Mexique : une Indienne candidate à la présidence
L’Armée zapatiste de libération nationale (EZLN) adopte un tournant stratégique alors qu’elle avait jusqu’ici rejeté le système politique. Les représentants de 58 peuples indigènes du Mexique ont désigné, dimanche 28 mai dans l’Etat du Chiapas (sud), une candidate indépendante à l’élection présidentielle de 2018. Soutenue par l’Armée zapatiste de libération nationale (EZLN), l’initiative marque un tournant stratégique pour le mouvement de l’ancien sous-commandant Marcos, qui a toujours rejeté le système politique, les partis et la conquête du pouvoir.

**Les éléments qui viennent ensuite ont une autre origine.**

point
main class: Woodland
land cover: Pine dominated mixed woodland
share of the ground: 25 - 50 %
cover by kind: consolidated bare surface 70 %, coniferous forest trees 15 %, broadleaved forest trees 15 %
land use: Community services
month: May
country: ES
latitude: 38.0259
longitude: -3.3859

María de Jesús Patricio, indienne nahua de 57 ans, a été élue, dimanche, par les membres du Conseil indigène de gouvernement (CIG), créé la veille à San Cristóbal de Las Casas, au Chiapas, par 230 dirigeants zapatistes et plus de 800 délégués indiens venus de 26 États du Mexique. Cette guérisseuse traditionnelle de l’État de Jalisco (ouest), mère de trois enfants, a aussi été nommée porte-parole du CIG, chargé de défendre les droits des 16 millions d’Indiens mexicains. Le charismatique sous-commandant Marcos, qui se fait appeler Galeano depuis 2014, a participé sans faire de déclaration à l’événement, organisé vingt-trois ans après le soulèvement armé des zapatistes au Chiapas.
Donner une visibilité aux communautés indiennes
C’est une petite révolution pour l’EZLN, qui refusait jusqu’alors de jouer le jeu des institutions, jugées discriminantes envers les Indiens. « Notre lutte n’est pas pour le pouvoir, mais un appel aux peuples originaires et à la société civile à renforcer notre résistance », avait clarifié l’EZLN dans un communiqué, en octobre 2016, juste après l’annonce de la nomination d’une candidate indienne à la présidentielle. Un mois plus tard, l’EZLN précisait que la candidate ne serait pas choisie dans ses rangs, mais au sein du Conseil national indigène, créé en 1996.
« L’objectif de l’EZLN n’est pas de remporter l’élection mais de donner une visibilité médiatique à la cause des communautés indiennes », explique Gilberto López y Rivas, anthropologue et spécialiste du mouvement zapatiste. Sept Indiens sur dix sont pauvres, soit près du double de la population mexicaine, selon les chiffres du gouvernement. « Sans compter l’analphabétisme, les problèmes d’accès à l’eau potable et l’exploitation abusive de leur terre par des mégas projets miniers, pétroliers ou hydrauliques », précise M. Lopez y Rivas, qui a été conseiller de l’EZLN en 1996, lors des négociations des accords de San Andrés, reconnaissant le droit à l’autodétermination des peuples indigènes.
Ce pacte, qui n’a jamais été appliqué dans sa totalité, avait amené les zapatistes à rompre les négociations avec le gouvernement et les partis politiques. Après l’échec, en 2006, de l’« autre campagne », caravane zapatiste qui avait traversé le Mexique pour unir les minorités du pays, l’EZLN était sorti de la scène publique pour se réorienter vers l’organisation de municipalités autogérées, appelées caracoles.
« Acte symbolique dans un pays machiste »
Onze ans plus tard, l’EZLN fait son retour dans l’arène politique nationale, profitant d’une réforme constitutionnelle, entrée en vigueur en 2014, qui autorise les candidatures électorales indépendantes. « L’EZLN n’a jamais été abstentionniste, mais reste antiparti, souligne M. Lopez y Rivas. La désignation d’une candidate, femme et indienne, est un acte symbolique dans un pays machiste, visant à redonner du souffle aux aspirations d’émancipation des peuples indigènes, mais aussi des autres victimes du néolibéralisme. »
Les accords constitutifs du CIG précisent que l’organisme est chargé d’organiser politiquement les communautés indiennes, selon une logique de prises de décision horizontales et collectives, respectueuse de leurs us et coutumes respectifs. La nouvelle autorité indigène devra se focaliser« sur les moyens pratiques pour transformer le pays (…) en prenant en compte les accords de San Andres comme base d’une nouvelle Constitution ».
Une commission juridique devrait être créée pour épauler les communautés dans leurs luttes pour le respect de leurs droits. Un des accords souligne aussi « le rejet du modèle éducatif néolibéral » au profit d’une éducation alternative privilégiant « l’enseignement des langues originaires ». Le temps presse : 64 des 364 variantes linguistiques parlées au Mexique sont sur le point de disparaître.